(Exercise data Opens)
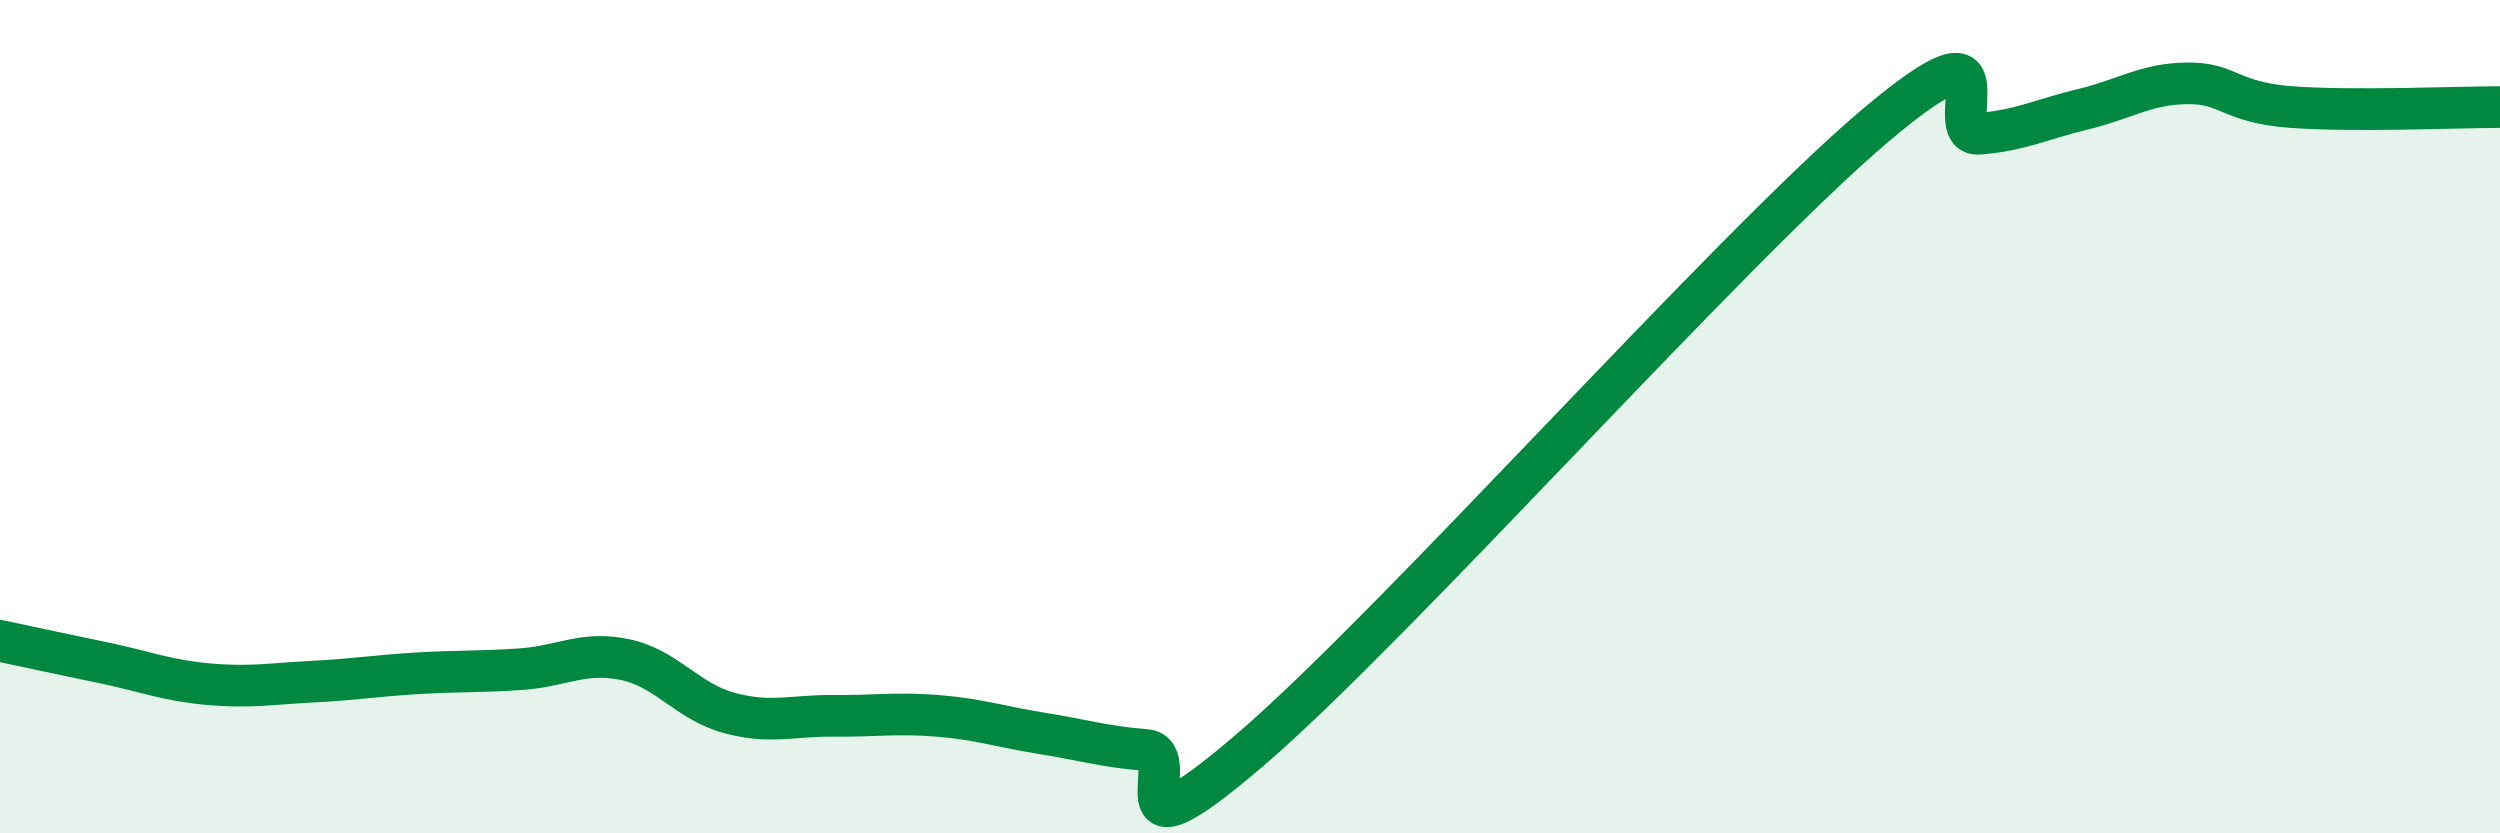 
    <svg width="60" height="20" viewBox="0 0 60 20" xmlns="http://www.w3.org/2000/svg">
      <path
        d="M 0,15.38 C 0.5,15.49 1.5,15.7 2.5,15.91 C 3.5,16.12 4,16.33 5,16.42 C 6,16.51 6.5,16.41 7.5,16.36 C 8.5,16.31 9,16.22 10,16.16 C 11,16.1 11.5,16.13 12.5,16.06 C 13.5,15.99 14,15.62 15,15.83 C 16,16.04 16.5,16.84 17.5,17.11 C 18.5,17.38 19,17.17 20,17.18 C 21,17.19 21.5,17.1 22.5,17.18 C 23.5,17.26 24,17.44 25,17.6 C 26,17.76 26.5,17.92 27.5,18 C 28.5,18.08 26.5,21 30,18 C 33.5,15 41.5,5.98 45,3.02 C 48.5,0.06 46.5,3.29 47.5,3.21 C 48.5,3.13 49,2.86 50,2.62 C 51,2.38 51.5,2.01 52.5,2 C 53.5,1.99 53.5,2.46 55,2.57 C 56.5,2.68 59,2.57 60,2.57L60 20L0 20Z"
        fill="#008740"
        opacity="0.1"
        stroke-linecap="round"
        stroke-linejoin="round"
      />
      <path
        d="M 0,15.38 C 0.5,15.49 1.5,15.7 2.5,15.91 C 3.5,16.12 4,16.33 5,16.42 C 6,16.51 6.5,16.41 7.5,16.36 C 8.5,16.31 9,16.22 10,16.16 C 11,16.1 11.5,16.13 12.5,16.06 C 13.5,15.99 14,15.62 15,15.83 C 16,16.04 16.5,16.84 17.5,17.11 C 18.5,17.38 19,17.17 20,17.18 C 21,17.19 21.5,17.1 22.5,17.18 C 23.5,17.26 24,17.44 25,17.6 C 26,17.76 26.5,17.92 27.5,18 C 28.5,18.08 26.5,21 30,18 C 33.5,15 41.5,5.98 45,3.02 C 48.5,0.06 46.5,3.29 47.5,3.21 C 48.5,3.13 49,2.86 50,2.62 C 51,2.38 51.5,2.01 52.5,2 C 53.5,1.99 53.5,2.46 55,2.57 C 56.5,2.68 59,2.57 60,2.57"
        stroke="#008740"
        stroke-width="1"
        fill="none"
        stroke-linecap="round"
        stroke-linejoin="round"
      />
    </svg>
(Exercise data Closes)
-- Aim of the task --
Reproduce every entry word for word, but skip any pictures.

-- Output below --
    <svg width="60" height="20" viewBox="0 0 60 20" xmlns="http://www.w3.org/2000/svg">
      <path
        d="M 0,15.38 C 0.5,15.49 1.5,15.7 2.5,15.91 C 3.5,16.12 4,16.33 5,16.42 C 6,16.51 6.5,16.41 7.5,16.36 C 8.5,16.31 9,16.22 10,16.16 C 11,16.1 11.5,16.13 12.5,16.06 C 13.5,15.99 14,15.62 15,15.83 C 16,16.04 16.5,16.84 17.5,17.11 C 18.5,17.38 19,17.17 20,17.18 C 21,17.19 21.5,17.1 22.5,17.18 C 23.5,17.26 24,17.44 25,17.6 C 26,17.76 26.5,17.92 27.5,18 C 28.5,18.08 26.5,21 30,18 C 33.5,15 41.5,5.98 45,3.02 C 48.5,0.06 46.5,3.29 47.5,3.21 C 48.5,3.13 49,2.86 50,2.62 C 51,2.38 51.5,2.01 52.5,2 C 53.5,1.99 53.5,2.46 55,2.57 C 56.5,2.68 59,2.57 60,2.57L60 20L0 20Z"
        fill="#008740"
        opacity="0.1"
        stroke-linecap="round"
        stroke-linejoin="round"
      />
      <path
        d="M 0,15.38 C 0.5,15.49 1.5,15.7 2.5,15.91 C 3.5,16.12 4,16.33 5,16.42 C 6,16.51 6.5,16.41 7.5,16.36 C 8.5,16.31 9,16.22 10,16.16 C 11,16.1 11.5,16.13 12.5,16.06 C 13.5,15.99 14,15.62 15,15.83 C 16,16.04 16.5,16.84 17.5,17.11 C 18.5,17.38 19,17.17 20,17.18 C 21,17.19 21.5,17.1 22.5,17.18 C 23.5,17.26 24,17.44 25,17.6 C 26,17.76 26.5,17.92 27.5,18 C 28.5,18.08 26.5,21 30,18 C 33.5,15 41.5,5.98 45,3.02 C 48.5,0.06 46.5,3.29 47.5,3.21 C 48.5,3.13 49,2.86 50,2.62 C 51,2.38 51.5,2.01 52.5,2 C 53.5,1.99 53.5,2.46 55,2.57 C 56.5,2.68 59,2.57 60,2.57"
        stroke="#008740"
        stroke-width="1"
        fill="none"
        stroke-linecap="round"
        stroke-linejoin="round"
      />
    </svg>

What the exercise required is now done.